Stored items from a collection:
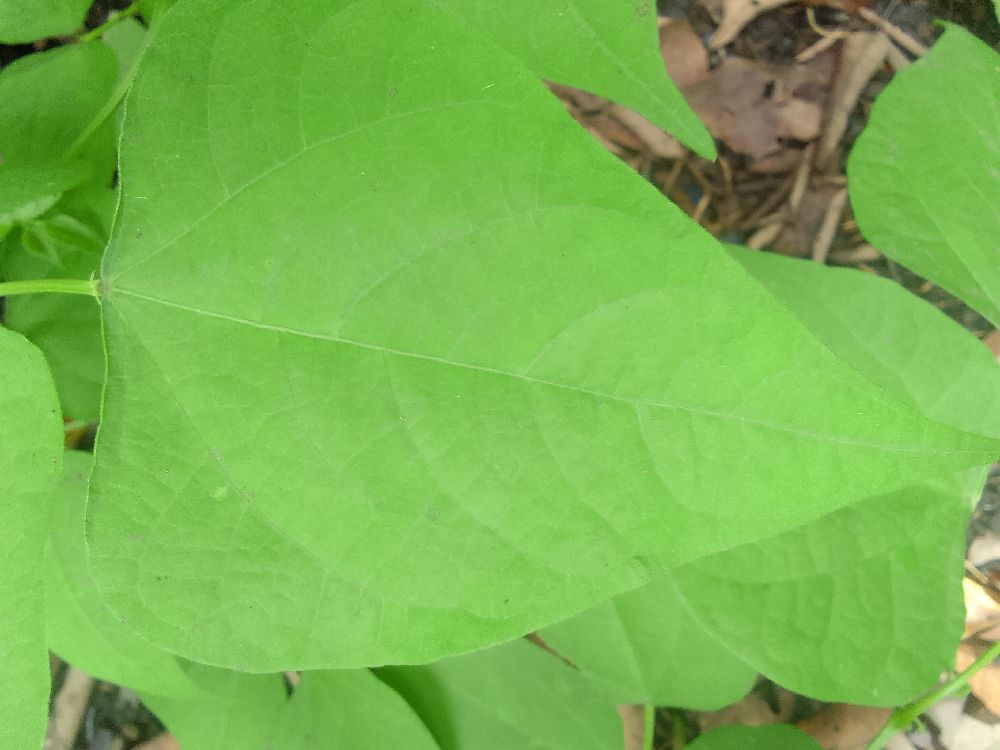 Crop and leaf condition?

common bean, healthy
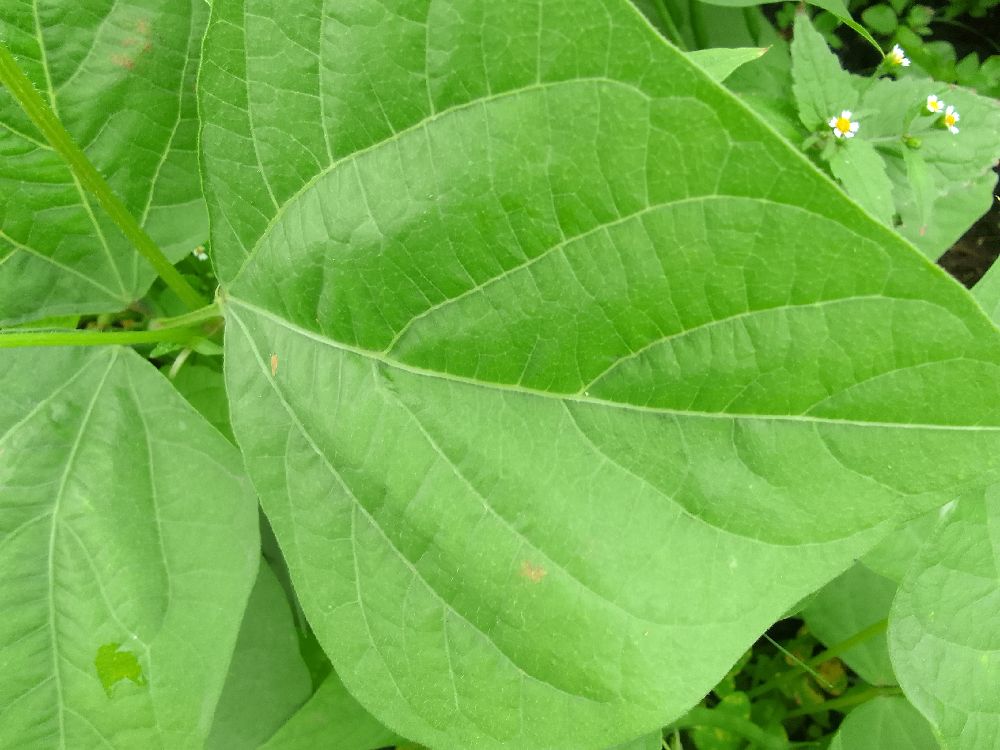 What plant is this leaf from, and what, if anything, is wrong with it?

common bean, healthy
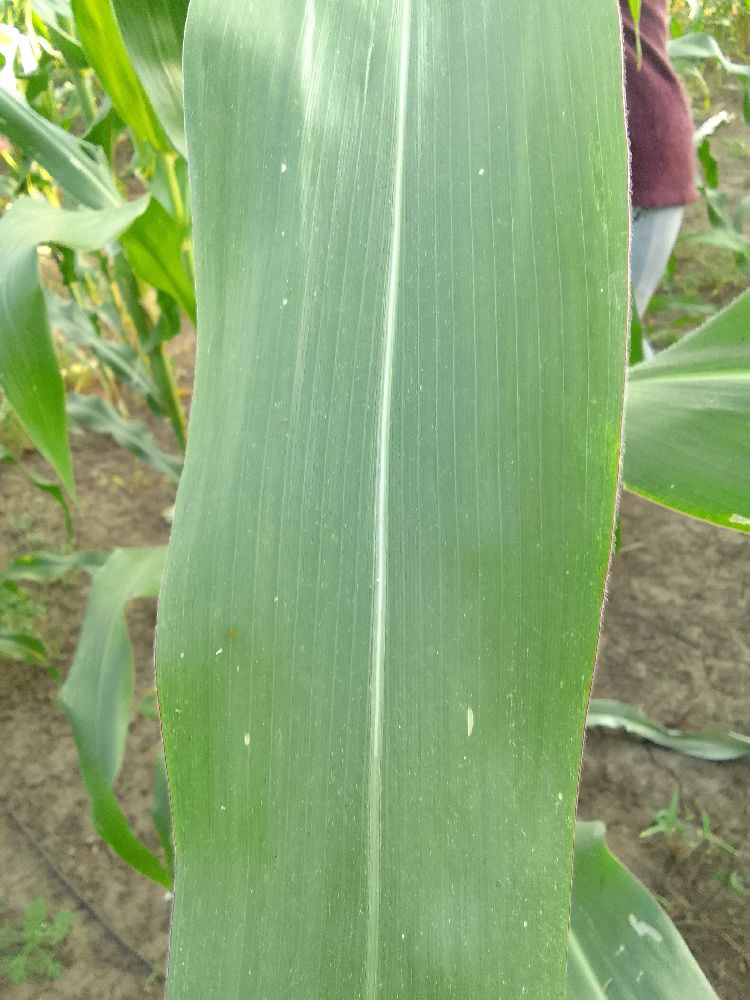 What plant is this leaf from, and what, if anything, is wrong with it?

maize, healthy
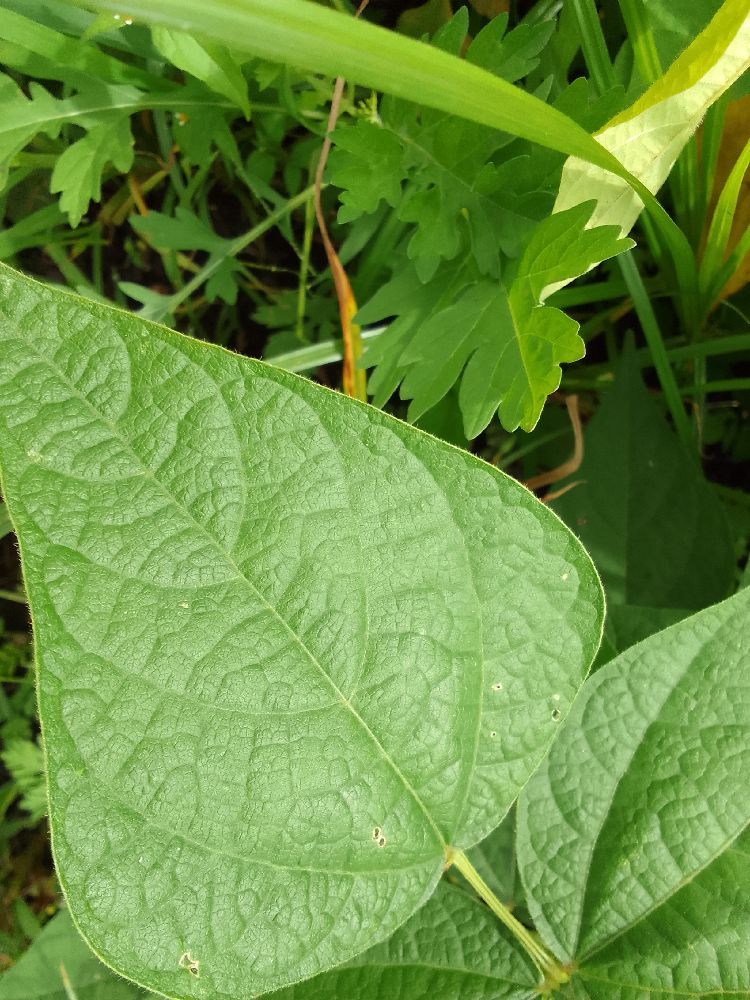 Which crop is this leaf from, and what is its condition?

common bean, healthy
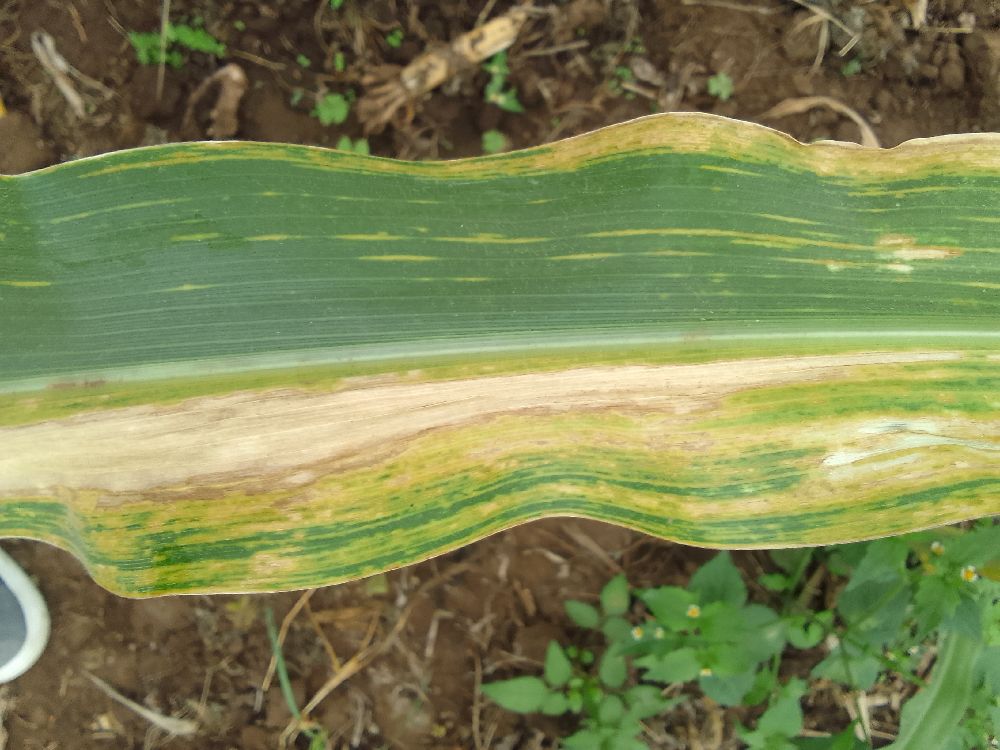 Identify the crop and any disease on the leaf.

maize, maize lethal necrosis
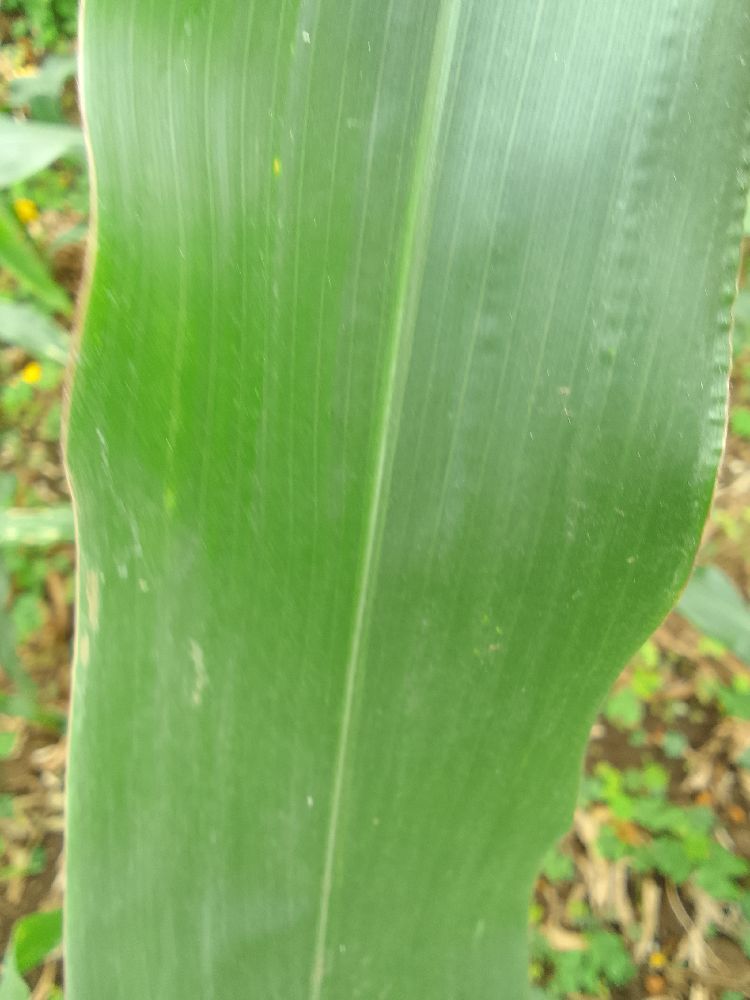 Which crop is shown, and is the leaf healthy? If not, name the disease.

maize, healthy
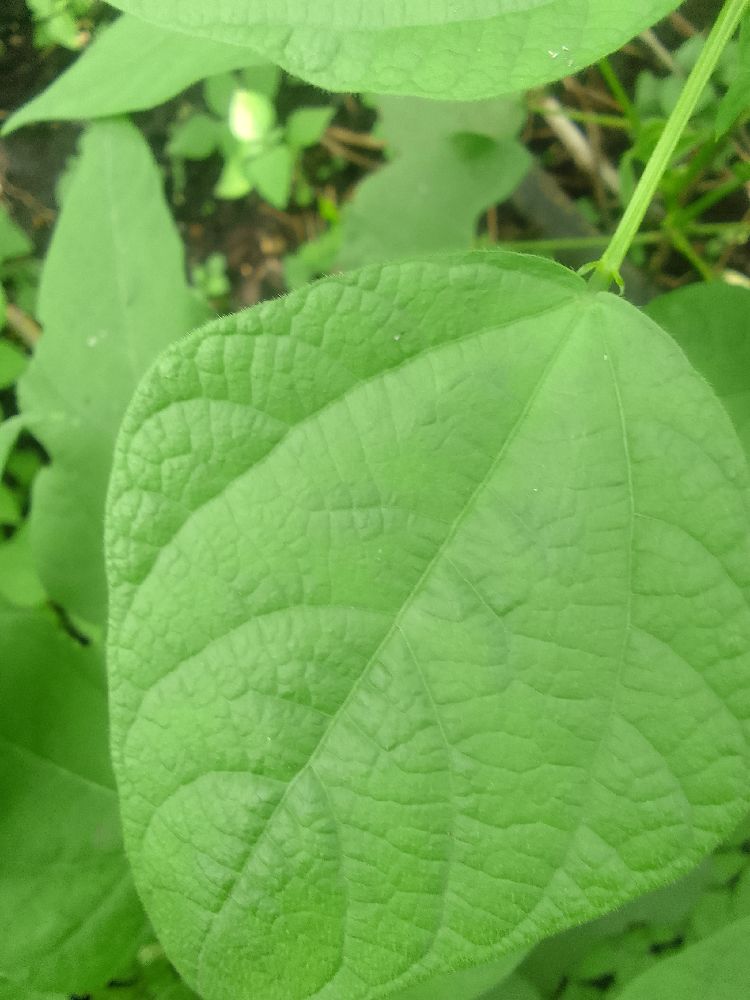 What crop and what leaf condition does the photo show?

common bean, healthy
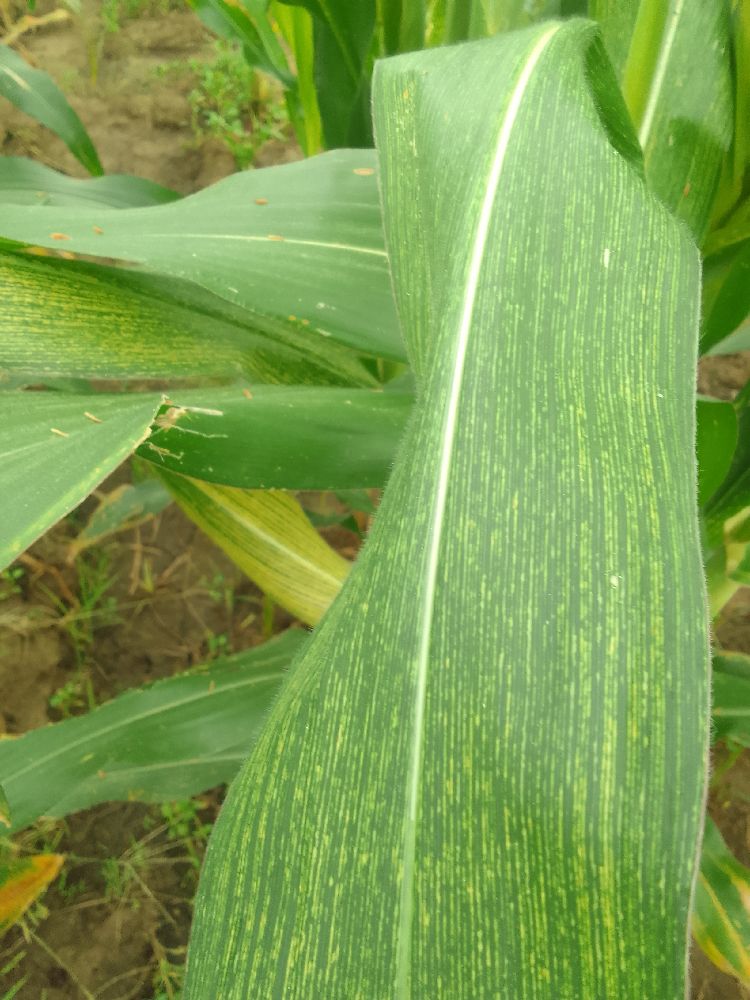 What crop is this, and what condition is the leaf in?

maize, maize streak virus
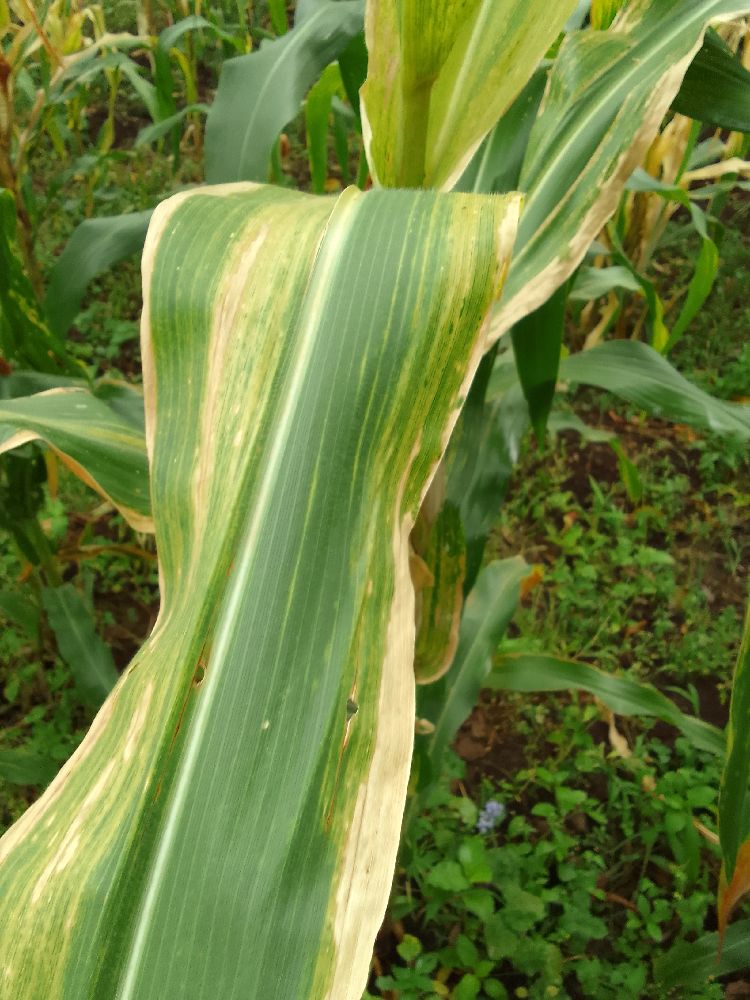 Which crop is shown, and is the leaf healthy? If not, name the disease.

maize, maize lethal necrosis
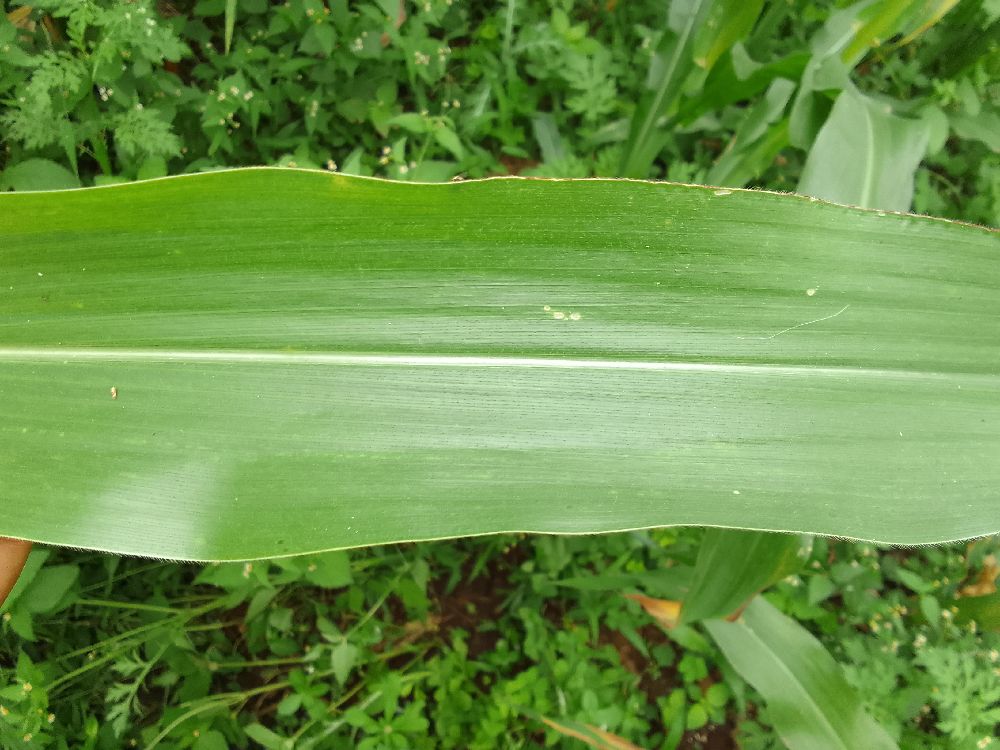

Directions for this task |
Please set down, exactly and with nothing added, the lines from the line with "What crop and" to the end of the entries above, omitting pictures.

Solution below |
 What crop and what leaf condition does the photo show?

common bean, healthy
 What crop is this, and what condition is the leaf in?

maize, maize streak virus
 Which crop is shown, and is the leaf healthy? If not, name the disease.

maize, maize lethal necrosis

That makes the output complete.